### Work order
Please output every entry below exactly as written, leaving out any pictures.
====== Dataset entries ======
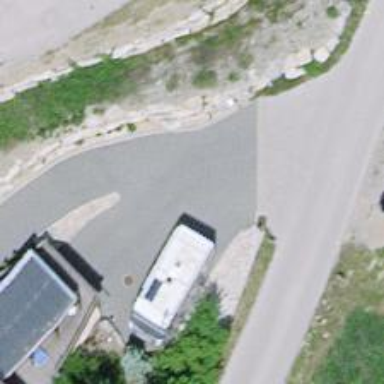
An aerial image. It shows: Paved driveway serving as service road.
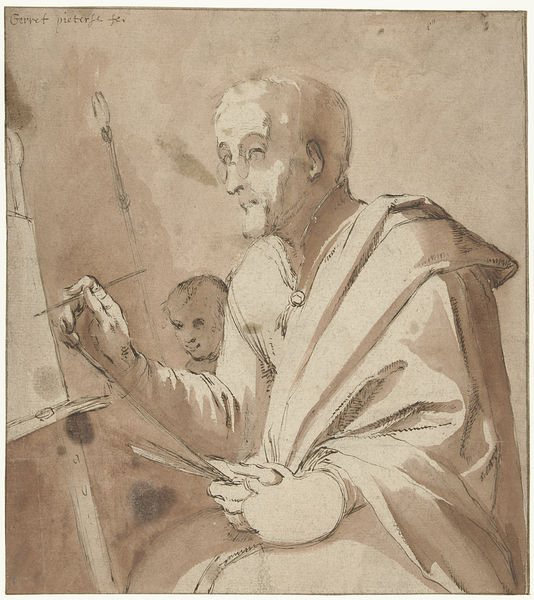
Titel: Schilder voor zijn ezel
Künstler: Gerrit Pietersz. Sweelink
Standort: Amsterdam
Institution: Rijksmuseum
Schlagwörter: mann, umhang, aquarell, zeichnung, portrait, kind, schrift, stab, atelier, maler, staffelei, junge, tusche, künstler, brille, palette, pinsel, selbstportrait, auarell
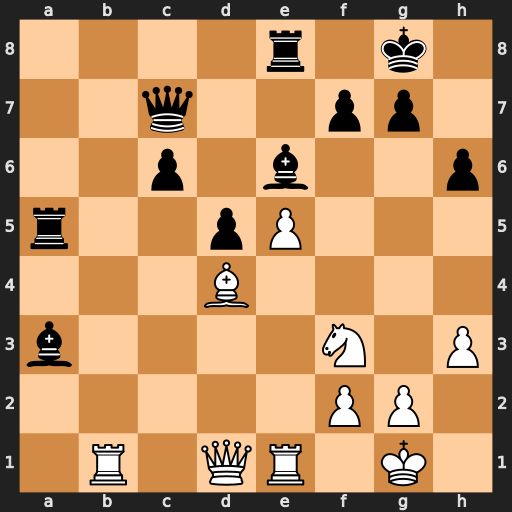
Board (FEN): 4r1k1/2q2pp1/2p1b2p/r2pP3/3B4/b4N1P/5PP1/1R1QR1K1
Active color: w
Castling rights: -
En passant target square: -
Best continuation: Bb6 Qc8 Bxa5
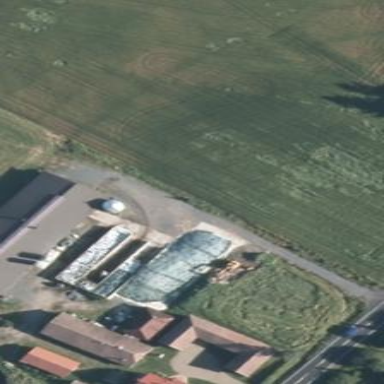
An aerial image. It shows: Farmyard area.
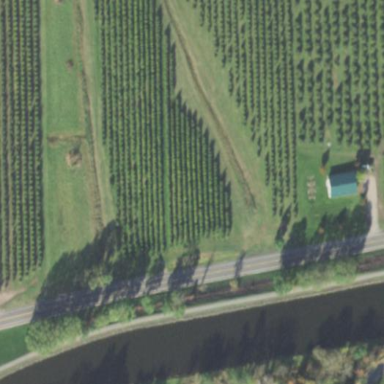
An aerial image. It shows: Orchard.
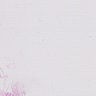
Metastatic tissue present: no
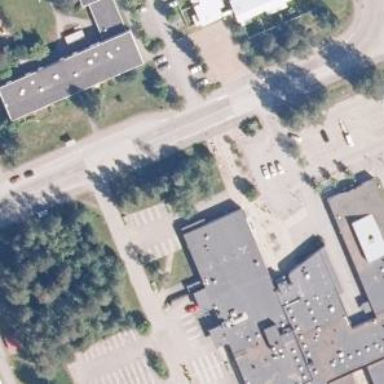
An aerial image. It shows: Convenience shop.
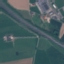
Label: Highway
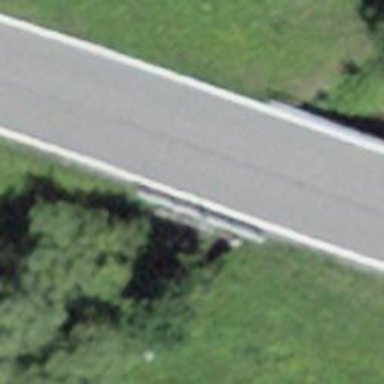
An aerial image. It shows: Tertiary road on asphalt surface crossing over bridge.
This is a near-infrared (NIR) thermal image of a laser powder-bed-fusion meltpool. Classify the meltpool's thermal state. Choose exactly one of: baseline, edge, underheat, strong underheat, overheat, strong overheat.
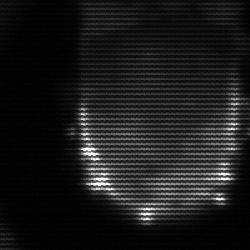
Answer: baseline
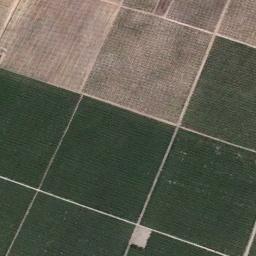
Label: rectangular_farmland
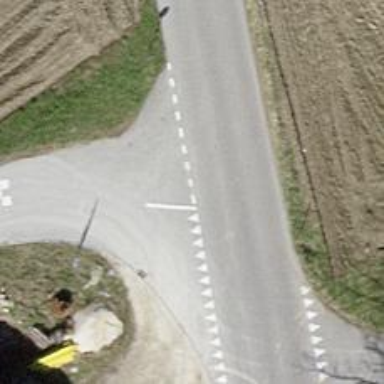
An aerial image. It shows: Road with "give way" sign.
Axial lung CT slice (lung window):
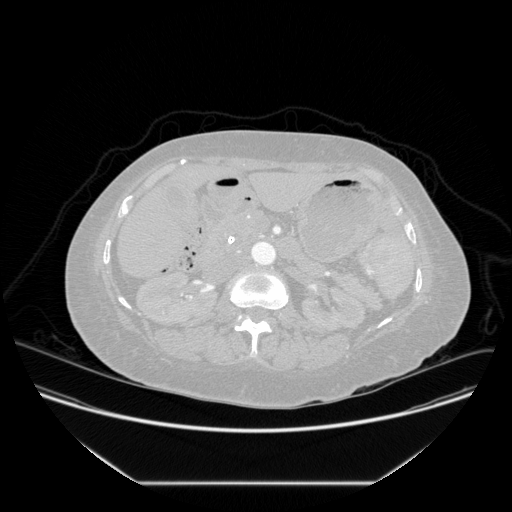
======
### Task response
An aerial image. It shows: Paved driveway serving as service road.
Titel: Schilder voor zijn ezel
Künstler: Gerrit Pietersz. Sweelink
Standort: Amsterdam
Institution: Rijksmuseum
Schlagwörter: mann, umhang, aquarell, zeichnung, portrait, kind, schrift, stab, atelier, maler, staffelei, junge, tusche, künstler, brille, palette, pinsel, selbstportrait, auarell
Board (FEN): 4r1k1/2q2pp1/2p1b2p/r2pP3/3B4/b4N1P/5PP1/1R1QR1K1
Active color: w
Castling rights: -
En passant target square: -
Best continuation: Bb6 Qc8 Bxa5
An aerial image. It shows: Farmyard area.
An aerial image. It shows: Orchard.
Metastatic tissue present: no
An aerial image. It shows: Convenience shop.
Label: Highway
An aerial image. It shows: Tertiary road on asphalt surface crossing over bridge.
This is a near-infrared (NIR) thermal image of a laser powder-bed-fusion meltpool. Classify the meltpool's thermal state. Choose exactly one of: baseline, edge, underheat, strong underheat, overheat, strong overheat.
Answer: baseline
Label: rectangular_farmland
An aerial image. It shows: Road with "give way" sign.
Axial lung CT slice (lung window):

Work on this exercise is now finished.